= Cadell Ddyrnllwg =

King of Powys

Cadell Ddyrnllwg (Welsh for 'Cadell of the Gleaming Hilt'; born c. AD 430) was a semi-legendary mid-5th century King of Powys. Much of what is known of him involves a heavily-mythologized account of his rise to power thanks to divine intervention.

==Biography==
According to Chapters 32-35 of the Historia Brittonum, traditionally attributed to Nennius, Cadell came to power in Powys as a result of clergyman Saint Germanus of Auxerre's second visit to Britannia in the 440s. Then Bishop of Auxerre in Gaul, Germanus had been sent by his superiors to preach against Pelagian views popular among the Britons but considered heresy by the Church.

At the time the King of Powys was Benlli Gawr, possibly an Irish chieftain. The "iniquitous and tyrannical" Benlli refused Germanus entry, leaving the clergyman and his party without shelter as night approached. Cadell was one of Benlli's servants and offered Germanus lodging for the night in his home outside Benlli's residence. The next morning Germanus witnessed Benlli execute another servant for arriving late, and having determined Cadell's piety, counseled him to quit Benlli's castle and advise his friends likewise. That night "fire fell from heaven, and burned the city, together with all those who were with the tyrant, so that not one escaped; and that citadel has never been rebuilt even to this day." After the cataclysm Germanus blessed Cadell and proclaimed he and his descendants would rule in Powys from then on.

It is unclear where the Powysian capital was at the time; tradition suggests the Clwydian hillfort Foel Fenlli, the 'Hill of Benlli', while archaeological evidence points to Caer Guricon (Roman Viroconium Cornoviorum, now Wroxeter, Shropshire). The latter was occupied well into the sixth century, and an ancient memorial stone bearing the Celtic name Cunorix, known as the Wroxeter Stone, has been discovered here. However Wroxeter shows no signs of a violent end, instead being abandoned or perhaps evacuated by its occupants towards the end of the seventh century. Lewis Morris referred to Cadell as "a poor man of Iâl".

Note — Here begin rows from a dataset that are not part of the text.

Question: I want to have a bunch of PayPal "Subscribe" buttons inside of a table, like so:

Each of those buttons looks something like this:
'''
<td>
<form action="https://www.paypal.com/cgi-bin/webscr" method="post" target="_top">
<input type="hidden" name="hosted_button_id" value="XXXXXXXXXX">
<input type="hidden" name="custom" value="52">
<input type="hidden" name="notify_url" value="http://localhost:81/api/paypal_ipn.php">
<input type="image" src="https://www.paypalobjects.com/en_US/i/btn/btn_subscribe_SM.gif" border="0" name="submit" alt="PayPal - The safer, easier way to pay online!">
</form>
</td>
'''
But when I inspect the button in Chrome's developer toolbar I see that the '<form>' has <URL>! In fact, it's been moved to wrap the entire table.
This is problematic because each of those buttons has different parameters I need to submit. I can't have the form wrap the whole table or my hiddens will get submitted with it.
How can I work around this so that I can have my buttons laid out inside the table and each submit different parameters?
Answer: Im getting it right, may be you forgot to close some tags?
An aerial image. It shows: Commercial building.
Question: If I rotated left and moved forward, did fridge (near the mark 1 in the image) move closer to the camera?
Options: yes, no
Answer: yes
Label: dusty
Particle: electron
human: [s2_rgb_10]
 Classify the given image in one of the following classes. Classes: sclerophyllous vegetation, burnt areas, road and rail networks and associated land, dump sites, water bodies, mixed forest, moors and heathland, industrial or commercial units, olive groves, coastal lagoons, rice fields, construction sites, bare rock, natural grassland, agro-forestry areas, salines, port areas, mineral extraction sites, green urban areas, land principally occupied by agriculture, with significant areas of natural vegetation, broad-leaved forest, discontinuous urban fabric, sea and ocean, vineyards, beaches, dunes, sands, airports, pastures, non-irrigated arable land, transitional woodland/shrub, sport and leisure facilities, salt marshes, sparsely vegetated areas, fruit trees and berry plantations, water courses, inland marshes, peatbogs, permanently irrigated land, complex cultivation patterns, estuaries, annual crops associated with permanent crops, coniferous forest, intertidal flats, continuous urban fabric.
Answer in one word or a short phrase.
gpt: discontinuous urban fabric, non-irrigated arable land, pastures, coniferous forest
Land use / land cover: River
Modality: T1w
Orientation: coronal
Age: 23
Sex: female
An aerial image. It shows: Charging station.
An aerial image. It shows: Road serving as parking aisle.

==Ddyrnllwg and "Teyrnllwg"==
According to Peter Bartrum, the meaning of Cadell's cognomen Ddyrnllwg became obscure early on and was possibly interpreted as teyrn, meaning 'prince', and llwch, 'dust'. The author of the legend is likely to have associated Cadell with Psalm 113:7, "He raiseth up the poor out of the dust". It later came to be associated with an imagined territory named Teyrnllwg. This association began with antiquarian-forger Iolo Morganwg's manuscripts and the Brut y Tywysogion in The Myvyrian Archaiology of Wales, for which Iolo Morganwg assisted in finding manuscripts, from the nineteenth century. Other possibilities are that Cadell Ddyrnllwg is an alternative name, perhaps derived from Late Roman conventions, for the better-known figure of Vortigern, or that Cadell is one of Vortigern's descendants, perhaps a grandchild.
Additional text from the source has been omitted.